He walked to the sink. Washed his hands. Dried them with a fresh silk napkin. Tossed it onto the heap of corpses like a finishing bow.
Then: "Get the cleaners," he told his assistant, who stood pale and obedient in the corner. "And schedule a meeting."
"With who, sir?" the assistant asked, voice shaking.
Kim stared into the mirror above the sink, smoothing his hair back into place. His eyes gleamed.
"Theodore Henderson."
A pause.
"It's time he remembers who owns the silence between heartbeats."

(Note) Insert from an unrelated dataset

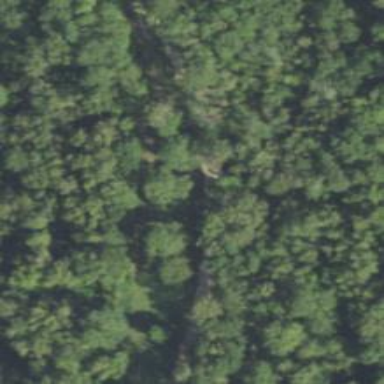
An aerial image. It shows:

He stepped back into his office. A massive screen lit the far wall. Lines of code flickered. One, in particular, pulsed.
A trace. Fragile. Elegant. Glowing in Elise's signature.
She was still there. Somewhere in his system. She thought she'd erased it. She hadn't.
Kim touched the screen, trailing a finger over her name.
"Elise," he whispered.
Then the smile returned.
Slow.
Dark.
Like the devil remembering an old hymn.
"Let's play."
Carson's POV
School was a cage made of fluorescent bones. The lights buzzed overhead like insects chewing on electricity. The air reeked of disinfectant and cheap cologne. Laughter echoed like screams in a padded cell.
And two rows ahead, Elise sat like a statue carved from insomnia. Still. Hollow. Beautiful in that way ruins are beautiful—fragile and untouched only because no one dares to approach.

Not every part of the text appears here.